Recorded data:
__________

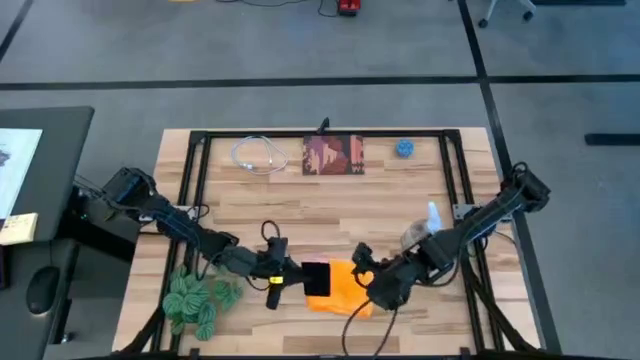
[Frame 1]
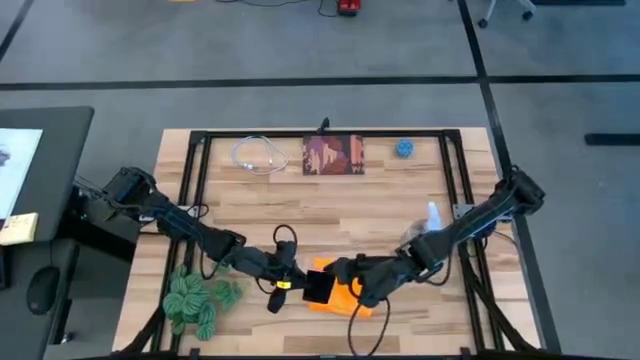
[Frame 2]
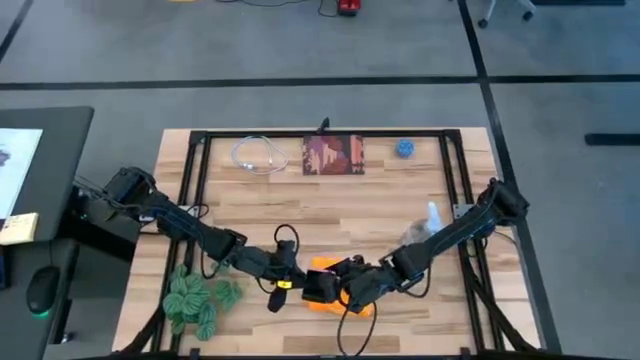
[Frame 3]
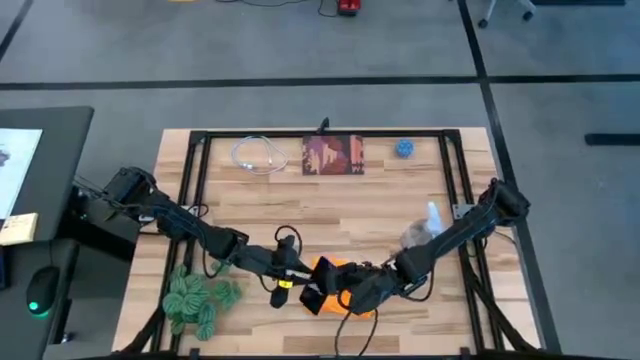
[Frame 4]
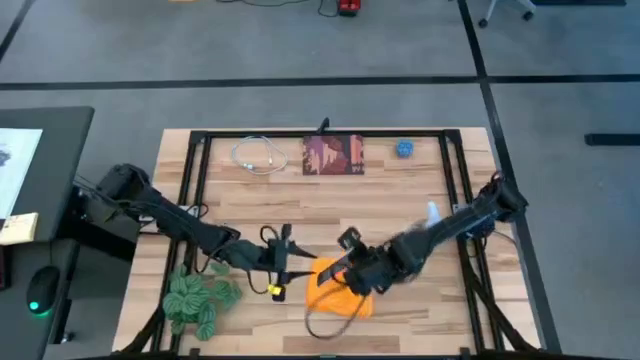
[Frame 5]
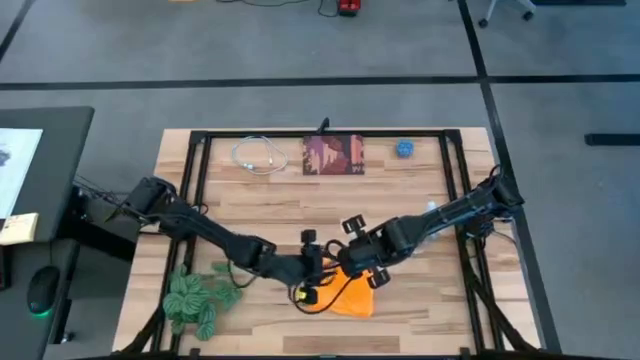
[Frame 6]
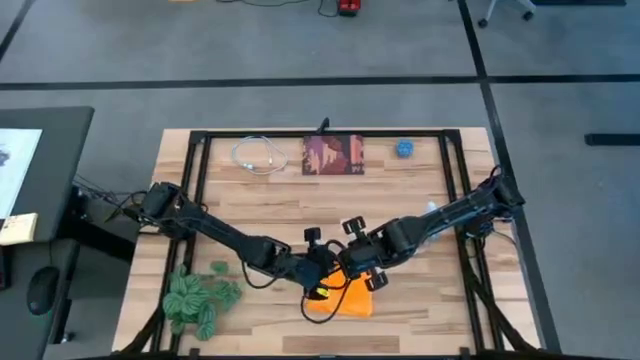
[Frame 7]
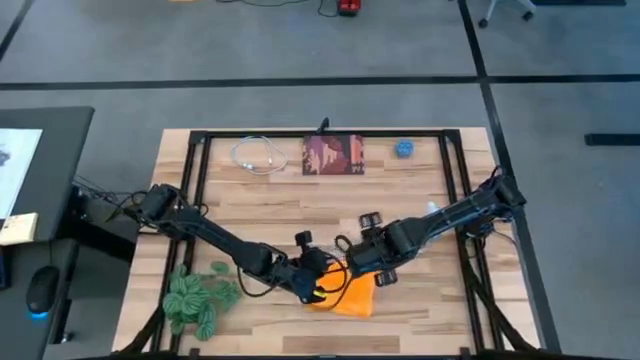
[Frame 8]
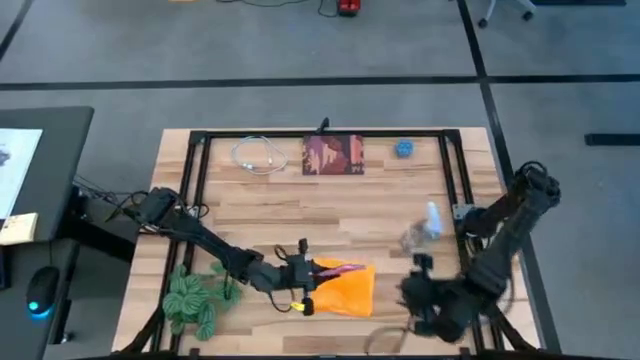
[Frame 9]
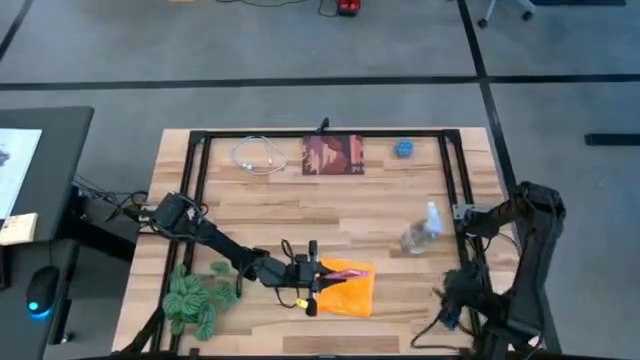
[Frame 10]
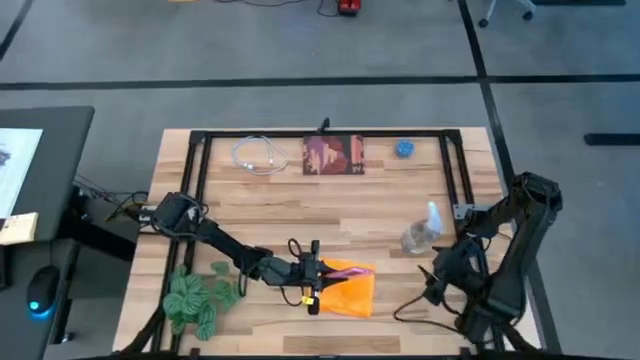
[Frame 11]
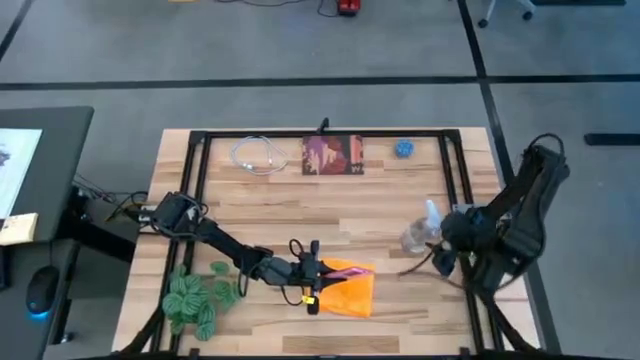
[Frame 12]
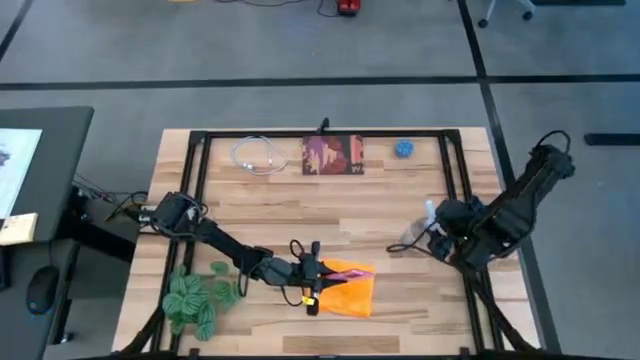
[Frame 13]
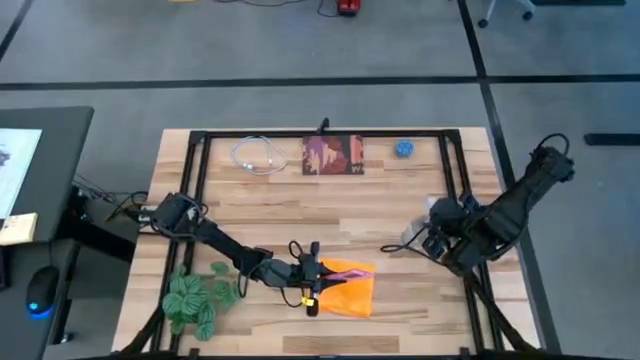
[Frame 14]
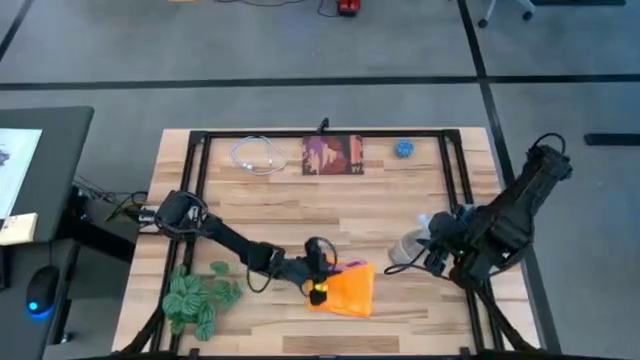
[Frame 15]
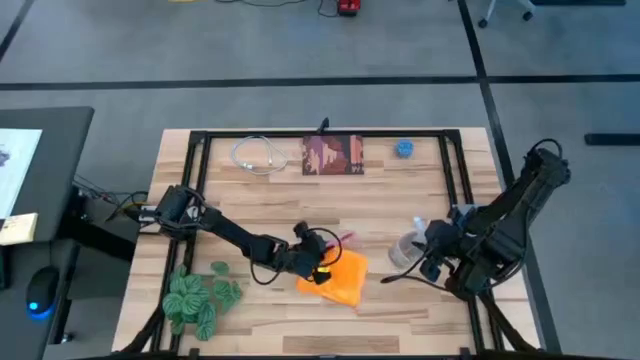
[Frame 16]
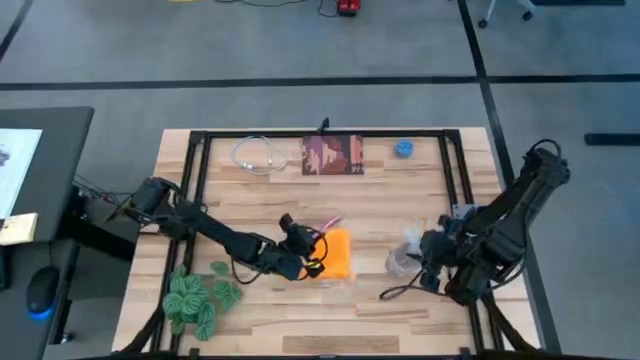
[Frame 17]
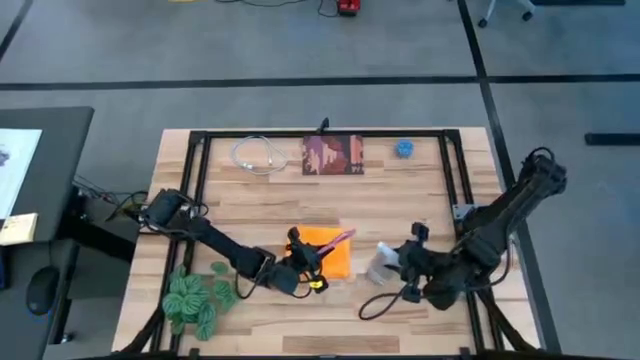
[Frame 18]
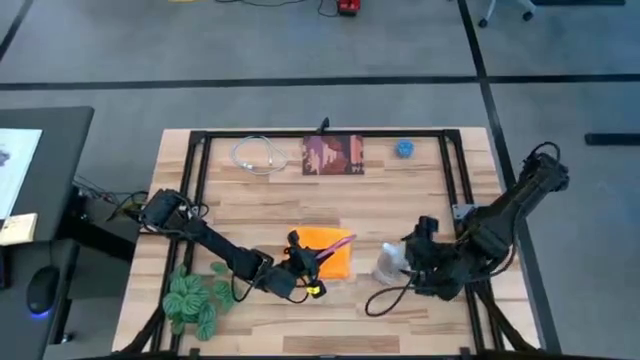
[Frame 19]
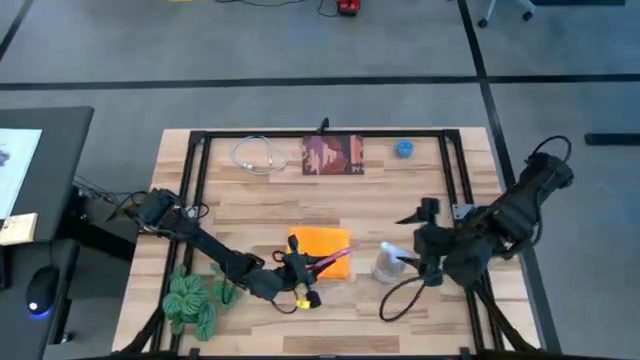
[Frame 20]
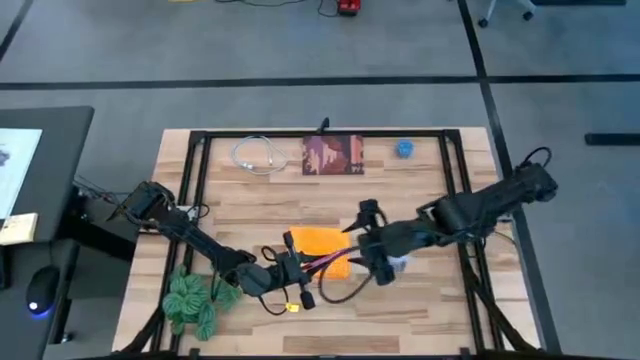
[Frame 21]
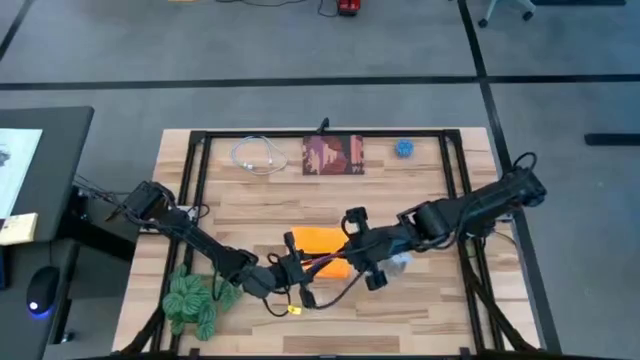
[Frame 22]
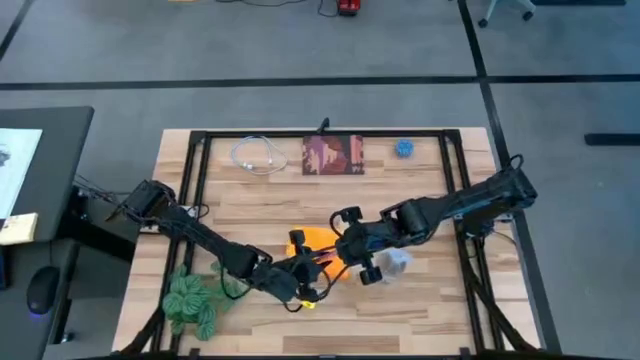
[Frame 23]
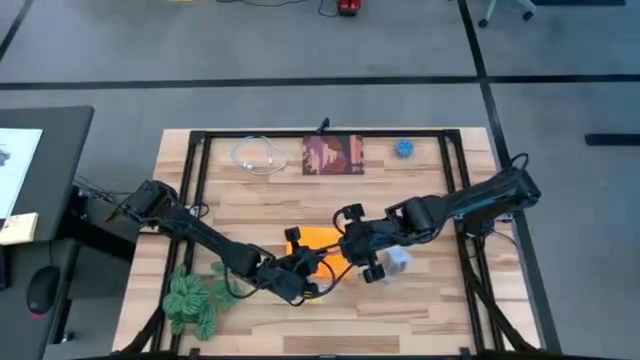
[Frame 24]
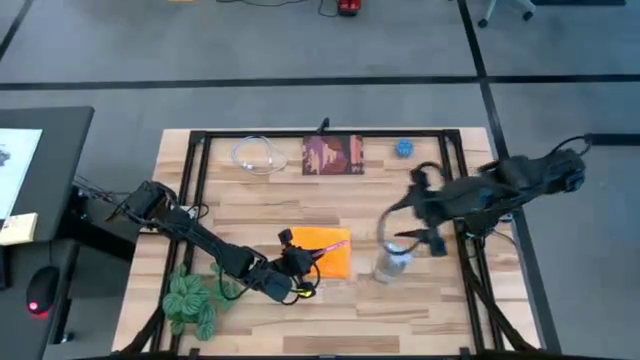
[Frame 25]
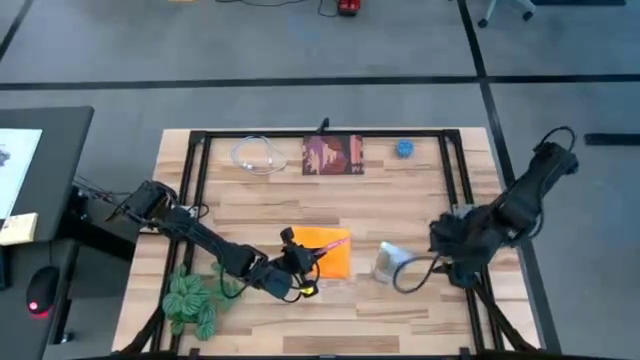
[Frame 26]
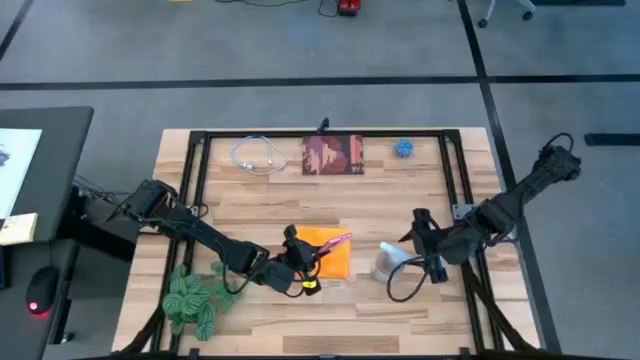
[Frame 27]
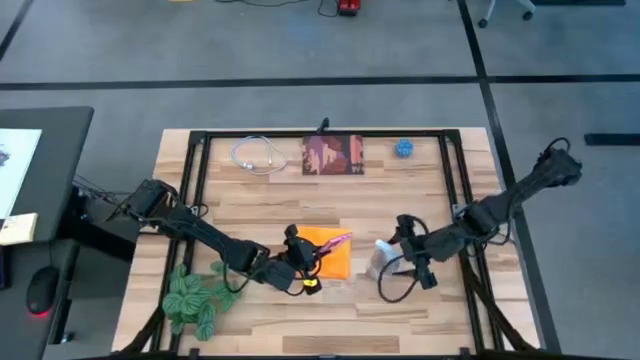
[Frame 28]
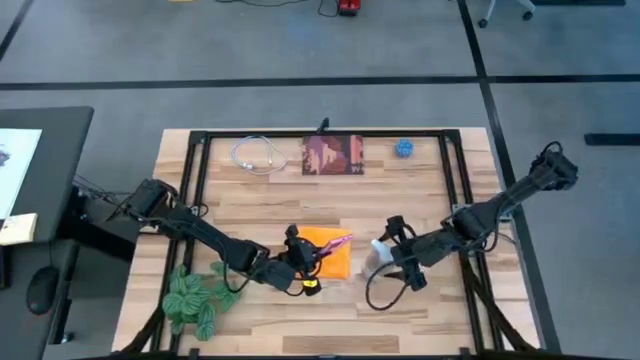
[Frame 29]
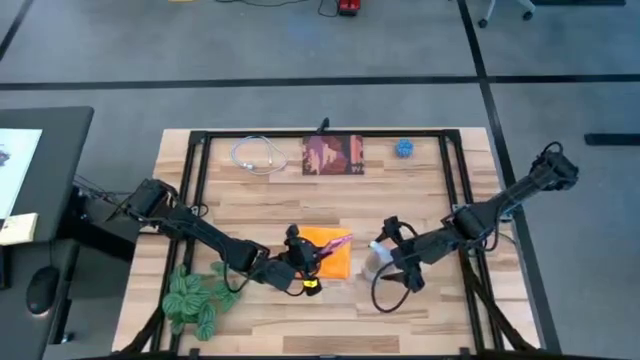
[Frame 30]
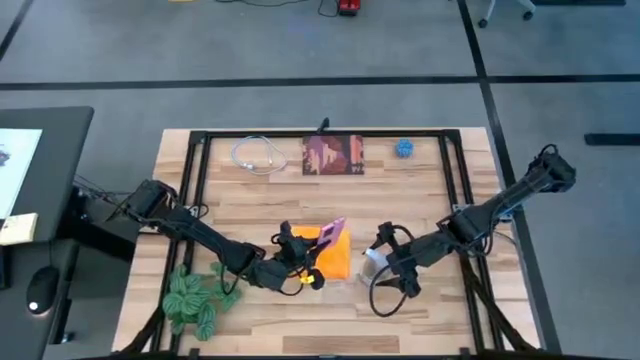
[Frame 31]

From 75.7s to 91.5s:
Task: Apply microfiber cloth
Spray the back of the pink cellphone with the spray bottle
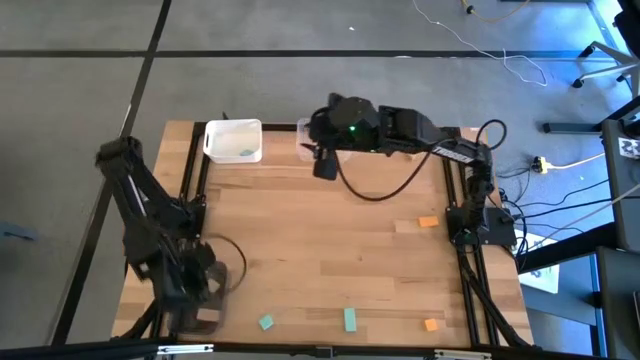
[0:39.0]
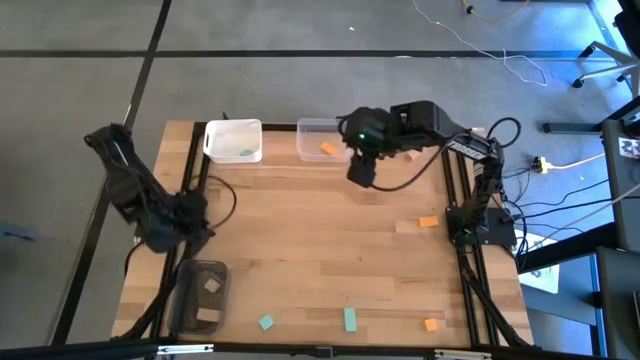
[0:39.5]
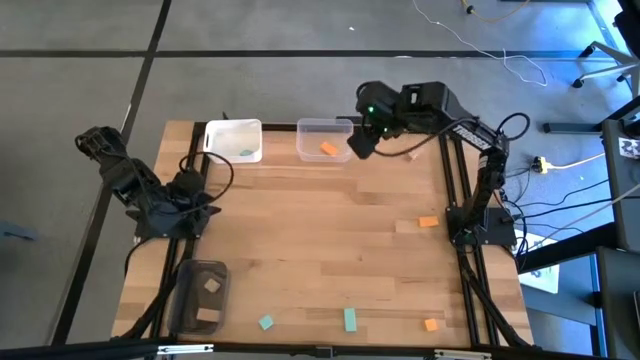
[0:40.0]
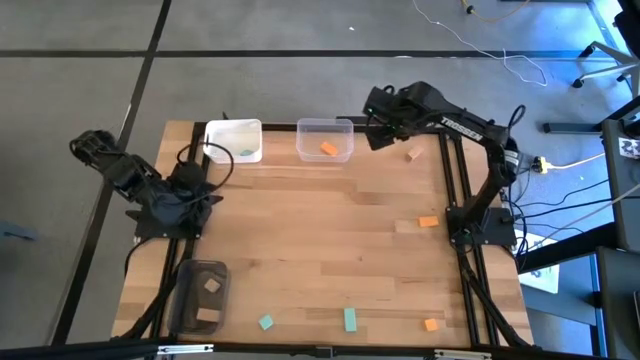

__________

Work to be completed:
Text only, no pictures: copy every entry exactly.

Response for this exercise:
[Frame 1]
[Frame 2]
[Frame 3]
[Frame 4]
[Frame 5]
[Frame 6]
[Frame 7]
[Frame 8]
[Frame 9]
[Frame 10]
[Frame 11]
[Frame 12]
[Frame 13]
[Frame 14]
[Frame 15]
[Frame 16]
[Frame 17]
[Frame 18]
[Frame 19]
[Frame 20]
[Frame 21]
[Frame 22]
[Frame 23]
[Frame 24]
[Frame 25]
[Frame 26]
[Frame 27]
[Frame 28]
[Frame 29]
[Frame 30]
[Frame 31]

From 75.7s to 91.5s:
Task: Apply microfiber cloth
Spray the back of the pink cellphone with the spray bottle
[0:39.0]
[0:39.5]
[0:40.0]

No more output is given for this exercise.